_Directions:_
Extract, from the records beneath this instruction, each line that contains the word "width".

[Opening Records for processing section]

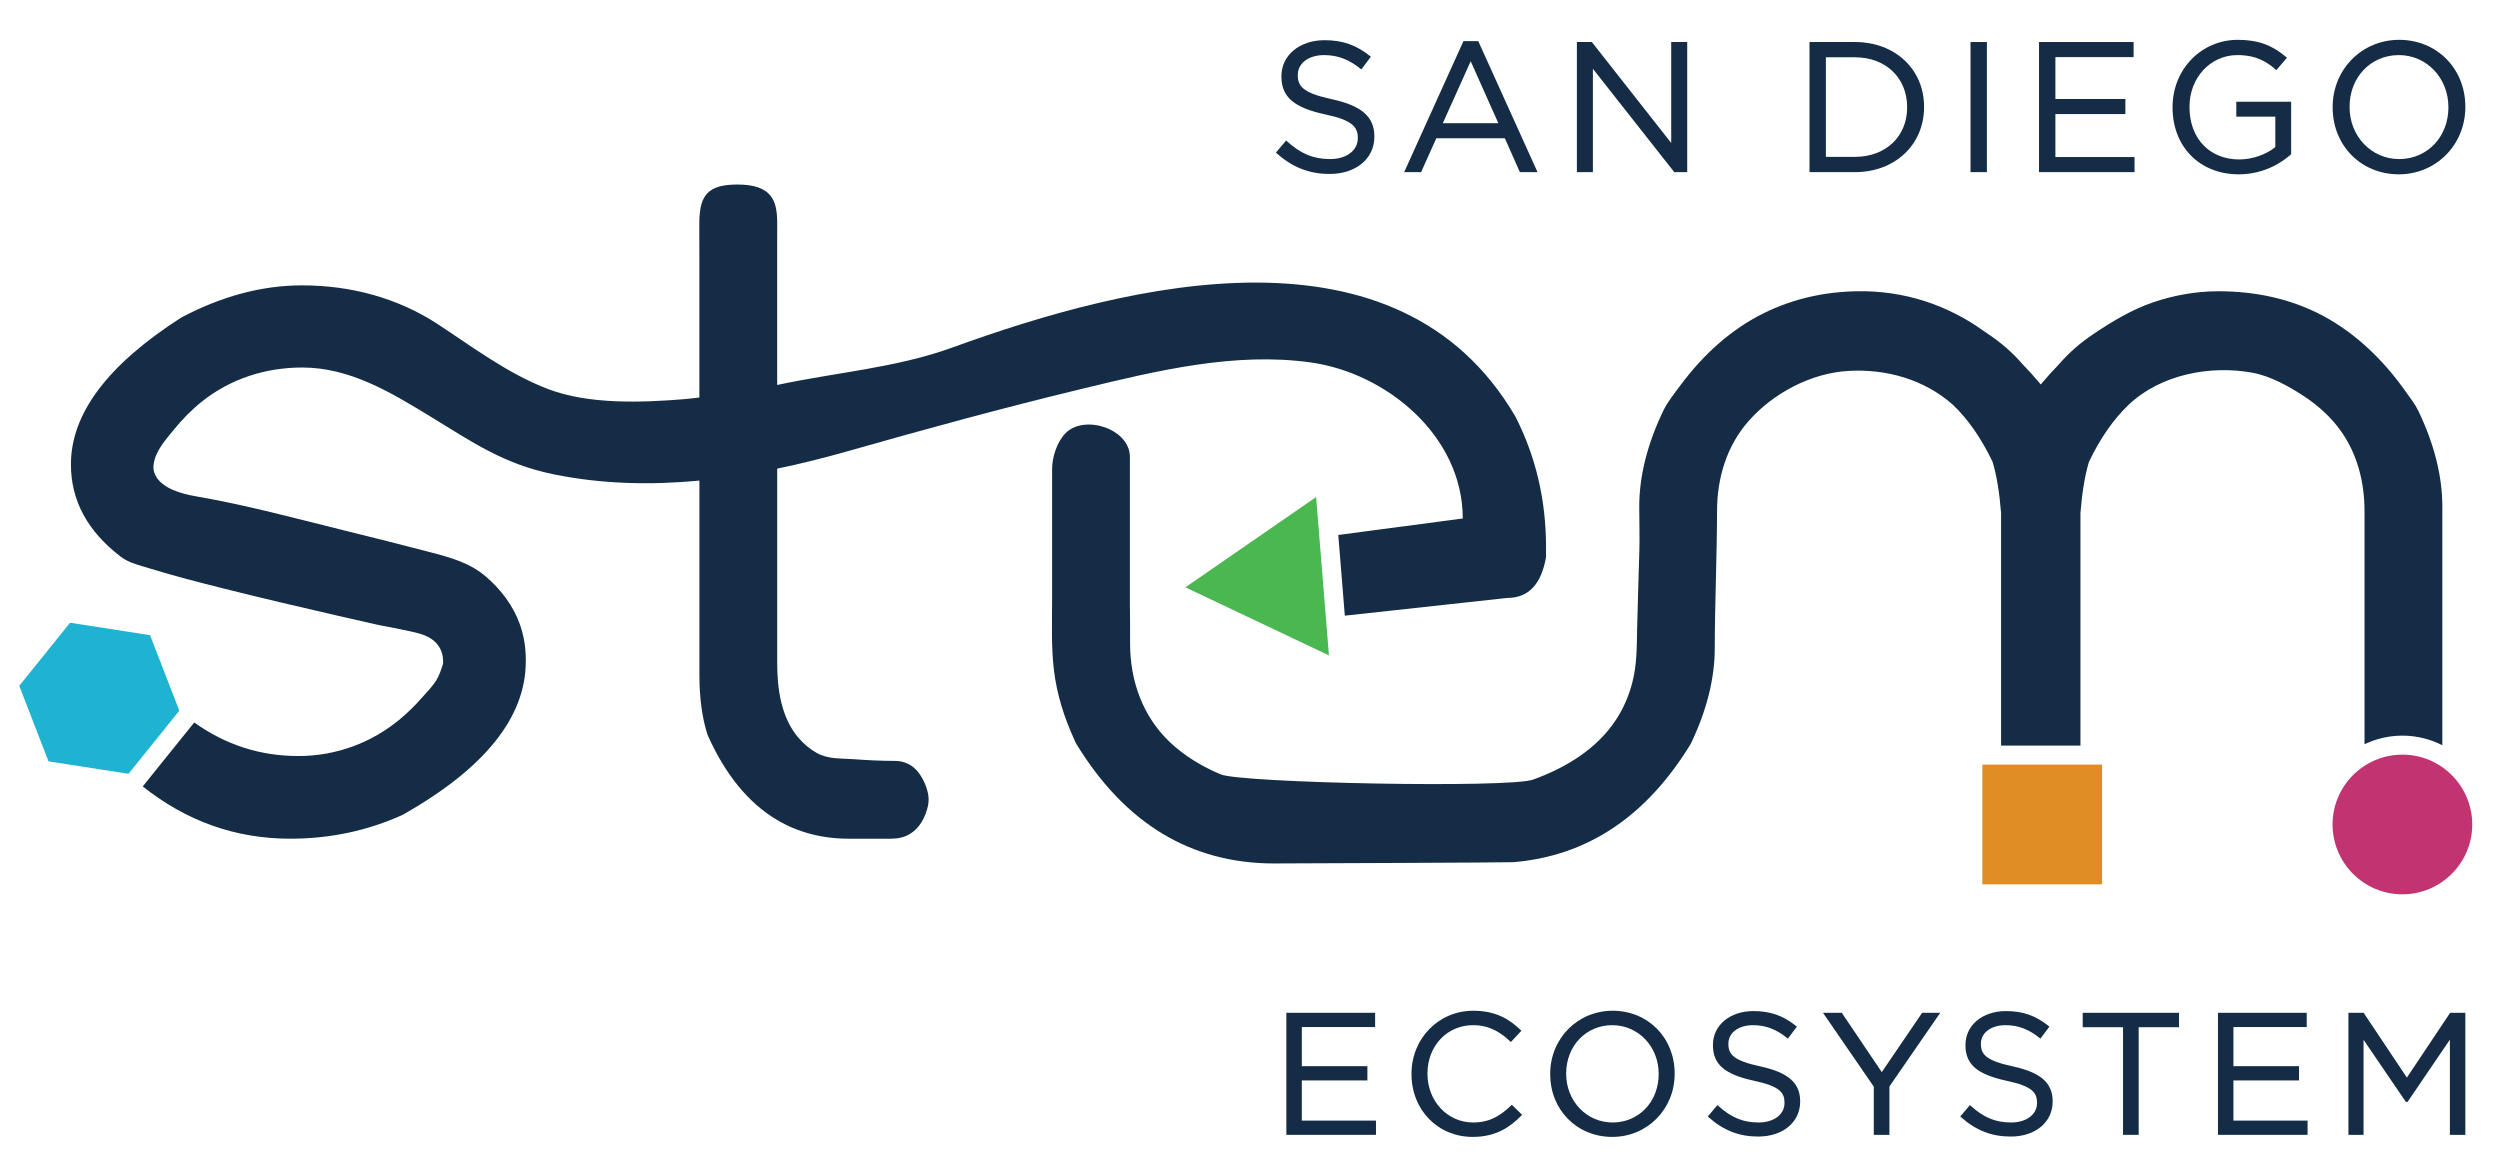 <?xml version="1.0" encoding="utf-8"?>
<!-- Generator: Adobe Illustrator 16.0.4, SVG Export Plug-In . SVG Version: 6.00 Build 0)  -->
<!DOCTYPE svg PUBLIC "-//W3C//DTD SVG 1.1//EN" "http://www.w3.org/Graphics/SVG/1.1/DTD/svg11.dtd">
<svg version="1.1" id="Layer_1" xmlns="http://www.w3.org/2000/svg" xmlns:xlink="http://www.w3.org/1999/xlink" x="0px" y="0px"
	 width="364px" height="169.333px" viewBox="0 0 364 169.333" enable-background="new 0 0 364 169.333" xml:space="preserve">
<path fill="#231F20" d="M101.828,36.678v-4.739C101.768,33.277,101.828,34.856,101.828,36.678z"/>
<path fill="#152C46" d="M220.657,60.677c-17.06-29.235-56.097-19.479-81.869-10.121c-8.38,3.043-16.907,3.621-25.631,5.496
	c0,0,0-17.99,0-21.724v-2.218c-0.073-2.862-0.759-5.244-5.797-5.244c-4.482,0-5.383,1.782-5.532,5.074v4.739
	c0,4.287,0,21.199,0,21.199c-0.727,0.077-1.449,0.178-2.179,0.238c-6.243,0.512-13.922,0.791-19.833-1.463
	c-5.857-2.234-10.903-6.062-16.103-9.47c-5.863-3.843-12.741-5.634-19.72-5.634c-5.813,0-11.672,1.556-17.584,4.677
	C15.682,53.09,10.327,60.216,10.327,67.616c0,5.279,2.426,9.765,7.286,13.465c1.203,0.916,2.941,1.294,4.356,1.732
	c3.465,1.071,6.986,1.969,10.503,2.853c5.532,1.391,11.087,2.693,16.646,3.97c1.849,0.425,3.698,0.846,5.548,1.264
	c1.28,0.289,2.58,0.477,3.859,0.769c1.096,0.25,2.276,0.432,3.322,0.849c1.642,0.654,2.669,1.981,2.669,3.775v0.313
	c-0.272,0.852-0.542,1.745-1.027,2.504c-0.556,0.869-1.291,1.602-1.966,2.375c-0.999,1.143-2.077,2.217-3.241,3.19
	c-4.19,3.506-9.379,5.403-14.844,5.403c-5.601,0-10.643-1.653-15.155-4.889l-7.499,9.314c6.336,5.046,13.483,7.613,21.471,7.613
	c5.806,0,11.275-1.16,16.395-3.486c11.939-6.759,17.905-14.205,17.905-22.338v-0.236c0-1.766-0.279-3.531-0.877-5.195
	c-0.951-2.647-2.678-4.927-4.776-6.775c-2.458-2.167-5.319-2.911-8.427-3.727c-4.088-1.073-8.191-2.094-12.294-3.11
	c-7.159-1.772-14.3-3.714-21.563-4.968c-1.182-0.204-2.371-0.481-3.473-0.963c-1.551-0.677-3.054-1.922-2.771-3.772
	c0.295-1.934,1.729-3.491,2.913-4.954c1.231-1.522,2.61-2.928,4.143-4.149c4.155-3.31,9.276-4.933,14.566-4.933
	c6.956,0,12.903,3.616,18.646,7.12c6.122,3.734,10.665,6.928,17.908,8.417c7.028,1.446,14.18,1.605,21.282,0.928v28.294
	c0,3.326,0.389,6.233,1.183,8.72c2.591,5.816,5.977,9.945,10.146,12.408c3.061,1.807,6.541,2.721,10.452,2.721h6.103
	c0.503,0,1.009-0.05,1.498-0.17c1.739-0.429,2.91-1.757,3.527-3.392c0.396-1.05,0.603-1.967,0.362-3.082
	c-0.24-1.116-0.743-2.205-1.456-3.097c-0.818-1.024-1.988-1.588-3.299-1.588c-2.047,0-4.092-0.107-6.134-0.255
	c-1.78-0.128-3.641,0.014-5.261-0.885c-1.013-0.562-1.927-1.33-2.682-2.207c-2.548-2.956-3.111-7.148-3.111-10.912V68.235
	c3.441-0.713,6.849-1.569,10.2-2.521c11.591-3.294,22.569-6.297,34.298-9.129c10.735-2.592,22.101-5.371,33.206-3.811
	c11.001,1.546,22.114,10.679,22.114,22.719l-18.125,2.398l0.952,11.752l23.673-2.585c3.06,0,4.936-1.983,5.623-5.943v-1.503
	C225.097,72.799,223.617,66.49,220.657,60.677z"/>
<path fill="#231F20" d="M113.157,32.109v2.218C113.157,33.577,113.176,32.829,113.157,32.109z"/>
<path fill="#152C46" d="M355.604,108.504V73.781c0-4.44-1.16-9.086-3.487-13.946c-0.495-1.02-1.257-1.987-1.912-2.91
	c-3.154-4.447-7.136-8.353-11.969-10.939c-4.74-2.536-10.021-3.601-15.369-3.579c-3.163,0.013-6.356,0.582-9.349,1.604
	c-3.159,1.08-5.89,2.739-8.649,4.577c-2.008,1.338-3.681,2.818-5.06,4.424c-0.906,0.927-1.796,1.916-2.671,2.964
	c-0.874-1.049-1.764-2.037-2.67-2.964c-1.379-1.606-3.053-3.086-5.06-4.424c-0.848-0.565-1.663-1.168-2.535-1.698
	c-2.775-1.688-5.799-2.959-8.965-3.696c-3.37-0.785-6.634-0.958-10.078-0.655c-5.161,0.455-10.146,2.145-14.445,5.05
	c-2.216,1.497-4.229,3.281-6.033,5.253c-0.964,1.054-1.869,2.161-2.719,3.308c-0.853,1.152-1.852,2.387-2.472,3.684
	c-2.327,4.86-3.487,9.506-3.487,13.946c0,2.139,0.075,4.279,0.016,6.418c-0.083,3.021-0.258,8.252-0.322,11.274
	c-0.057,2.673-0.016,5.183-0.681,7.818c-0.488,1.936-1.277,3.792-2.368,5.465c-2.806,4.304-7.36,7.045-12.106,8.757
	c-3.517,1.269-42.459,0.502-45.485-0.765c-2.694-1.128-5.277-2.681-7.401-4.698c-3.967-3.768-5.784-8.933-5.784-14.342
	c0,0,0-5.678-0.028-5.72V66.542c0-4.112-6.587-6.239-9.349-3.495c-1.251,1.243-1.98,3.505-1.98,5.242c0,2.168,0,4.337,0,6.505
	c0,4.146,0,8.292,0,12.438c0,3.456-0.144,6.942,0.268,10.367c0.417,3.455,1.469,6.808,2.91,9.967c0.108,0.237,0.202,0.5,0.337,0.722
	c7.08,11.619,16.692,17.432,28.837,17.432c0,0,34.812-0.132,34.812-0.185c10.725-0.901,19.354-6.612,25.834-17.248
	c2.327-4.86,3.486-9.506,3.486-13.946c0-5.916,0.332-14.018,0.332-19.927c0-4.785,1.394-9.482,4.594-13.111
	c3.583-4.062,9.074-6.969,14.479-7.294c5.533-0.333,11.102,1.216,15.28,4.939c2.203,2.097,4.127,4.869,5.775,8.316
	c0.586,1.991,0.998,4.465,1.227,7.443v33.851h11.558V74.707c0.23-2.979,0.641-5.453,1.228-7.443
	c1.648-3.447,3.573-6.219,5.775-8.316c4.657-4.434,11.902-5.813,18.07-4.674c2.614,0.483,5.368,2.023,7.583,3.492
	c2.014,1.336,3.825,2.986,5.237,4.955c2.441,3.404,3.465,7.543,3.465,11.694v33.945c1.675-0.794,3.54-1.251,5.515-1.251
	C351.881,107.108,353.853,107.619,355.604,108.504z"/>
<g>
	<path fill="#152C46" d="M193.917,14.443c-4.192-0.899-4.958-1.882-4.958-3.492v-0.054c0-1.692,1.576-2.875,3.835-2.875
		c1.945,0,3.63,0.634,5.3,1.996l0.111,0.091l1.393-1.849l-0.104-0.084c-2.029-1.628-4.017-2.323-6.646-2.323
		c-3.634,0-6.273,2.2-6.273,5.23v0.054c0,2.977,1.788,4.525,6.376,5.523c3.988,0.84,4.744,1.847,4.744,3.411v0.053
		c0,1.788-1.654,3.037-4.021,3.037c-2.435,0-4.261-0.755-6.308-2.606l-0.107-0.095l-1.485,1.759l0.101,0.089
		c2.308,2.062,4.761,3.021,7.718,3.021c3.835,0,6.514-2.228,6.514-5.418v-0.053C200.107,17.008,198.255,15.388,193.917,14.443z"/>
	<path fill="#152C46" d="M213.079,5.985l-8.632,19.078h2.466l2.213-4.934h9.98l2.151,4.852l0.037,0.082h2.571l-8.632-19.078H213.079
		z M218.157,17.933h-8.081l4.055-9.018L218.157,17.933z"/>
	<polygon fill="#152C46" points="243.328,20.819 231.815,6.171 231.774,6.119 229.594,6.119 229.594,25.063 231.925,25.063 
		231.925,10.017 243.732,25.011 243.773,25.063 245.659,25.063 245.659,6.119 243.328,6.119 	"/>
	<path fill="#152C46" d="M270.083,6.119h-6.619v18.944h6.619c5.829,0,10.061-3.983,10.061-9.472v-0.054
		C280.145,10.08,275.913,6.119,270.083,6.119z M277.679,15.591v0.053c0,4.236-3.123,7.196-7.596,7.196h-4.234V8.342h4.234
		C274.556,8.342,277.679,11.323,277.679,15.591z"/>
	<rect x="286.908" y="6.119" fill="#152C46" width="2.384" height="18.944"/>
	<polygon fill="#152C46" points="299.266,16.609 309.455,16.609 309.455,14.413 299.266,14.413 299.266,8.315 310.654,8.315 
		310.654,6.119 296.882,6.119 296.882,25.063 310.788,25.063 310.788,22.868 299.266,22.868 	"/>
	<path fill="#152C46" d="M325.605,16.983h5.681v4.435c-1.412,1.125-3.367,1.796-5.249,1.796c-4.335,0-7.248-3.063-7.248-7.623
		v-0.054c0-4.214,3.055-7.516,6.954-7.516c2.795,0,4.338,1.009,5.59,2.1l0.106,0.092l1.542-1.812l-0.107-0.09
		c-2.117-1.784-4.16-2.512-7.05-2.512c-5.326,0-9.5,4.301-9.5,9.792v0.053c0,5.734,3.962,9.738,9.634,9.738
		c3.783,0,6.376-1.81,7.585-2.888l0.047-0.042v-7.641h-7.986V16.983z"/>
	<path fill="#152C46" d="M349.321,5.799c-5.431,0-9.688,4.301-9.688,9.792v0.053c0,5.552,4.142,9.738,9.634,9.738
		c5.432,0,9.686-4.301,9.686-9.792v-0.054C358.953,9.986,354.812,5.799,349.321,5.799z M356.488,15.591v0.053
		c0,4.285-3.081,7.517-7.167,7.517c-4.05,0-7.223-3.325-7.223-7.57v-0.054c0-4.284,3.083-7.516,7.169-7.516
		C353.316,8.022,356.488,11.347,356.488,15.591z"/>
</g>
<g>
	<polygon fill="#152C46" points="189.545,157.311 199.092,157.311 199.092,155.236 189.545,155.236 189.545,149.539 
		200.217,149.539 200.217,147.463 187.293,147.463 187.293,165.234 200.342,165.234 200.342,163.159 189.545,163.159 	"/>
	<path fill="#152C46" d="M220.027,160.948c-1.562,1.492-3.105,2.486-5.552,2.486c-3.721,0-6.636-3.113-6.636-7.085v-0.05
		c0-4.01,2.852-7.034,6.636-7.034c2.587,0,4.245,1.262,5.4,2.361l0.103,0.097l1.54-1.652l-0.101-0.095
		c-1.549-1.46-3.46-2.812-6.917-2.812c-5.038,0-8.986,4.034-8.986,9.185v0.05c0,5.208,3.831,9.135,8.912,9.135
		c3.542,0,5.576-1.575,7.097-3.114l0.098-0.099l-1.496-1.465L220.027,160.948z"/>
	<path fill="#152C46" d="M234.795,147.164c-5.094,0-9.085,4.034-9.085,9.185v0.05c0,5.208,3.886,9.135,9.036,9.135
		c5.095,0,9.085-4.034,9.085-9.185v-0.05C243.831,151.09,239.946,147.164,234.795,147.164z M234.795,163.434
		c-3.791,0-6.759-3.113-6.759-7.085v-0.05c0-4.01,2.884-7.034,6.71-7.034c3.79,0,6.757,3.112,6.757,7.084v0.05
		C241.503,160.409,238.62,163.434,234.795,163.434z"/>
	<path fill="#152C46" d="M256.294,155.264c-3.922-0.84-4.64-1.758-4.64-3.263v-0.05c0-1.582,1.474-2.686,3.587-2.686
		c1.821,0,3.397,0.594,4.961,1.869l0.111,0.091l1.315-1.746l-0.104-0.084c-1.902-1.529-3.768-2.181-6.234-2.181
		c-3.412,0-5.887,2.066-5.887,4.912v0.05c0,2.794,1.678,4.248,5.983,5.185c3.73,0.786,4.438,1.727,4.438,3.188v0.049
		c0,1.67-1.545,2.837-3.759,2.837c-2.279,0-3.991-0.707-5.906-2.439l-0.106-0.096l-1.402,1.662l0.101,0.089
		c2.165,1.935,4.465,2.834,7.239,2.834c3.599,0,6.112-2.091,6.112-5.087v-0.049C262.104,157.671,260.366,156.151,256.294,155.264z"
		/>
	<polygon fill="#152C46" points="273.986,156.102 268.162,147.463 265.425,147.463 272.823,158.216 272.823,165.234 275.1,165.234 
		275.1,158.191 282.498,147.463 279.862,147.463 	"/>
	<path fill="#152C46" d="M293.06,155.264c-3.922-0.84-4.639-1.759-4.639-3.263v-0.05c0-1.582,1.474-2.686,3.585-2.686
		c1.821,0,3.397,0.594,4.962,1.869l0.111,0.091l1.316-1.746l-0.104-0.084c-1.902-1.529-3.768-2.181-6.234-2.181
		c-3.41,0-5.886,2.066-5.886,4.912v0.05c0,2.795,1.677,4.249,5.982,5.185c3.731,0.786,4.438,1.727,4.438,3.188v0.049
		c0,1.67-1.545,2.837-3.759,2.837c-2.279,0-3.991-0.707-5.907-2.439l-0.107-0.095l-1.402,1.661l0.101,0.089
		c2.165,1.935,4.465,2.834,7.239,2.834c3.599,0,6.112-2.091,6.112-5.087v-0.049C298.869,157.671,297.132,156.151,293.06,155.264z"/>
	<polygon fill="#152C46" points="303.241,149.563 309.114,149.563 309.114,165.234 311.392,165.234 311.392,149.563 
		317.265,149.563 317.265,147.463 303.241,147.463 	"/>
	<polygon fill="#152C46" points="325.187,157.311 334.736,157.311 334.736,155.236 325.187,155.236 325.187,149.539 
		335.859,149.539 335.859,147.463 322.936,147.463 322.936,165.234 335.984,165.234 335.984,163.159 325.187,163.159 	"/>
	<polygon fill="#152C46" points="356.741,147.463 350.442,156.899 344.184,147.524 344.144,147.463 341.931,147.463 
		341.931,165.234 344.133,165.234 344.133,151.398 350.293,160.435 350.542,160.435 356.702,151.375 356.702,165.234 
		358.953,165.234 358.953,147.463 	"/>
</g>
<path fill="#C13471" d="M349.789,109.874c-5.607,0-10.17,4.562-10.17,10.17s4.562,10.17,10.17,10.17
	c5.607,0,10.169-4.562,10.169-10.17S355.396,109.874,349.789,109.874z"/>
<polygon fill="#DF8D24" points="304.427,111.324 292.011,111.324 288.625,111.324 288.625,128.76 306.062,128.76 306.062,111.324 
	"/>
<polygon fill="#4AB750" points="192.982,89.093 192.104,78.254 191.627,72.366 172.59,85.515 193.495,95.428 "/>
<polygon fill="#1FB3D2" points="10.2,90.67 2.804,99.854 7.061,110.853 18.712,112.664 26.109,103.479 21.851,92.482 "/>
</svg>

[Closing Records for processing section]

_Response below:_
	 width="364px" height="169.333px" viewBox="0 0 364 169.333" enable-background="new 0 0 364 169.333" xml:space="preserve">
	<rect x="286.908" y="6.119" fill="#152C46" width="2.384" height="18.944"/>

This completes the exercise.